Namun kenyataan berkata lain.
Ia mendengus kesal di depan monitor. Raut wajahnya tampak penuh amarah disertai kekesalan. Bibirnya melengkung tanpa senyum. Lalu ia menggebrak meja nya.
Ingatan akan kejadian beberapa jam lalu terus berputar. Obrolan dengan kedua orang tuanya membuat ia harus berpikir ulang tentang mimpi besar nya.
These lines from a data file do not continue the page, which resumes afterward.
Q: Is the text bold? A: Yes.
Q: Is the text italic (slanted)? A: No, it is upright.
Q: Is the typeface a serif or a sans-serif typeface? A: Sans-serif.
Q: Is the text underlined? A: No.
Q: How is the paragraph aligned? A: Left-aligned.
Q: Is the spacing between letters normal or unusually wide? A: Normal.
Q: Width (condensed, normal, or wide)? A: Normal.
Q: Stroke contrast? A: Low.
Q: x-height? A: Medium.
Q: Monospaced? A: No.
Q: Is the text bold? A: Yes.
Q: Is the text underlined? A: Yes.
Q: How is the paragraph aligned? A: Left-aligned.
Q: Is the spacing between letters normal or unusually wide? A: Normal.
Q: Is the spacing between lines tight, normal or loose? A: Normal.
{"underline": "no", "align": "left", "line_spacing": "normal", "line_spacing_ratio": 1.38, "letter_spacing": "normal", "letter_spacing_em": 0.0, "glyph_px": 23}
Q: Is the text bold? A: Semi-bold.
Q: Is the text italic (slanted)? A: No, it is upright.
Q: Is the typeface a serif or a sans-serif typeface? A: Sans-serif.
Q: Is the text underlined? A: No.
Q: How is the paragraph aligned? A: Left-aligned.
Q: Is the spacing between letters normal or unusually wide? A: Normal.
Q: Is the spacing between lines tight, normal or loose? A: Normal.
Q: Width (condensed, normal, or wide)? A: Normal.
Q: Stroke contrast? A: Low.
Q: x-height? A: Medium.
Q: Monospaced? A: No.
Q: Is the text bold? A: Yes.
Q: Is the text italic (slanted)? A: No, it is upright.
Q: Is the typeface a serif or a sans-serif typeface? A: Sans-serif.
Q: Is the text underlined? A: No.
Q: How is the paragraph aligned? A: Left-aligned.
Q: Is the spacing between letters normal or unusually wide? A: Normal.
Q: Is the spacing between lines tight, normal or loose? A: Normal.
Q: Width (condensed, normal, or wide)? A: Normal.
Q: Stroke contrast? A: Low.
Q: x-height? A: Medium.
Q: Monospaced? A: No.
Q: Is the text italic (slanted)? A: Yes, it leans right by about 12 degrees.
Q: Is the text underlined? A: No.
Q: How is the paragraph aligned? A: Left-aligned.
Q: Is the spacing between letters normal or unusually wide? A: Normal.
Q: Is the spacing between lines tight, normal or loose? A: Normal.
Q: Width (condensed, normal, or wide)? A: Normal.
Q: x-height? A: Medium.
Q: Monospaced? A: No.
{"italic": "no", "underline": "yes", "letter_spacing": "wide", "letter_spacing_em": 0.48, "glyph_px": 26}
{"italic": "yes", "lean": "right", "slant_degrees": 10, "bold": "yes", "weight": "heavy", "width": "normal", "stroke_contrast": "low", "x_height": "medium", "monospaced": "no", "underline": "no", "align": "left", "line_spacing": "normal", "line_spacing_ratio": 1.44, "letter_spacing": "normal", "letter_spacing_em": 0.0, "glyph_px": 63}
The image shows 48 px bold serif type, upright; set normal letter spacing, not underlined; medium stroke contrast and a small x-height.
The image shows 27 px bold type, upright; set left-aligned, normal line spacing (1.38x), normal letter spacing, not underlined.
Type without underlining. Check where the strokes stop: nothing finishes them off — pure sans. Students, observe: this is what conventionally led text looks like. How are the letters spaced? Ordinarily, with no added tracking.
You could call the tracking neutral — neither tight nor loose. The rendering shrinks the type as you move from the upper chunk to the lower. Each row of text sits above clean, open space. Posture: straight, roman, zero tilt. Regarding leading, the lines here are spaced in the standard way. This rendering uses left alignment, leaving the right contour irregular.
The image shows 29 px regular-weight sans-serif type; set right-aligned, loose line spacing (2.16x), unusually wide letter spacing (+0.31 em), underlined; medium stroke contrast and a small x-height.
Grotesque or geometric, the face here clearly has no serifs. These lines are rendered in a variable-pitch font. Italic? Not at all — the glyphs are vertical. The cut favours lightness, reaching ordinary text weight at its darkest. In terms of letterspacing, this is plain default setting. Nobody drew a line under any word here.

Di kepalanya, ucapan kedua orang tua nya masih tergiang-ngiang.
"Jangan gantungkan hidupmu hanya dari menulis.
Jangan nomor duakan sekolahmu."Kata-kata itu membuatnya sulit untuk memejamkan matanya.
Baginya, menulis memberikan petualangan yang tak bisa ia dapatkan dari aktifitas lain. Saat menulis, ia bisa merasakan apapun khayalannya. Ia juga bisa menjadi raja dalam ceritanya. Namun, saat menulis juga ia teringat betapa orang tuanya menentang keinginan nya.
Sekali lagi, Sehum menggebrak meja belajarnya dengan kasar.
***
Hari terakhir sekolah sebelum liburan bagi Sehun sama sekali tak menyenangkan. Tanpa notebook nya, apalah arti seorang penulis sepertinya?
Dia masih bingung bagaimana naskah yang tengah digarapnya. Notebook nya di service, dan dia harus menunggu."Sehun-ah. Wae? Besok kan kita liburan. Kenapa wajahmu malah masam begitu, huh?" Irene sahabat Sehun tiba-tiba duduk disampingnya.
Sehun menoleh ke Irene sesaat.
"Kau ini kenapa? Tidak seperti Sehun yang ku kenal." tambah Irene.
Sekali lagi Sehun memandangi gadis di depannya dengan raut wajah lesu. Irene mengenal Sehun sejak mereka duduk di bangku sekolah dasar, Irene hafal betul kalau itu artinya Sehun sedang menghadapi masalah.
Dengan wajah penuh harap, Irene berkata, "Sehun-ah, cerita kan saja kepadaku."
"Ah, anieyo. Gwenchana." elak Sehun.
Irene mengerti. Ia hanya mengangguk pelan. Bibirnya agak mengerucut. Dia tahu, sahabat lelakinya itu sedang berbohong.
"Irene-ah, bagaimana cara mu untuk meyakinkan orang tuamu untuk mendukungmu menjadi atlet taekwondo?"
"Aaa, kau akhirnya mau bercerita, eoh?" Irene tersenyum jahil.
Sehun melirik Irene sebal.
"Pembuktian. Aku harus membuktikan kepada kedua orang tuaku bahwa aku mampu. Dan aku harus menunjukkan jika pilihan ku itu sudah tepat dan harus diperjuangkan."
Oh Sehun mencerna satu-satu kata yang baru saja diucapkan Irene sambik menganggukan kepalanya.
"Untuk kasusmu itu, jika kau suka menulis, kau harus menunjukkan kepada kedua orang tuamu bahwa kau bisa. Jangan main-main!" Irene tahu betul apa yang disukai Sehun. Dia juga tahu kalau orang tua sahabatnya itu kurang setuju dengan mimpi Oh Sehun.
"Aku tidak yakin mereka akan mengerti walaupun aku sudah membuktikan kepada mereka. Mereka selalu benar. Aku? selalu salah. Aisshh!"
"Lalu? Jika kau hanya diam saja? Apa jadinya, huh?"
"Yak. Bagaimana langkahnya?"
"Hah? Mwo? Kenapa kau tanya kepadaku? Jinja."
"Aissh. Menyebalkan!" Sehun melemparkan tatapan tajam pada Irene.
"Hahaa, tunggu sebentar." Irene mengeluarkan gadgetnya dan mulai browsing. Setelah itu...
"Oh Sehun. Baca ini!" diberikannya ponsel nya kepada Sehun.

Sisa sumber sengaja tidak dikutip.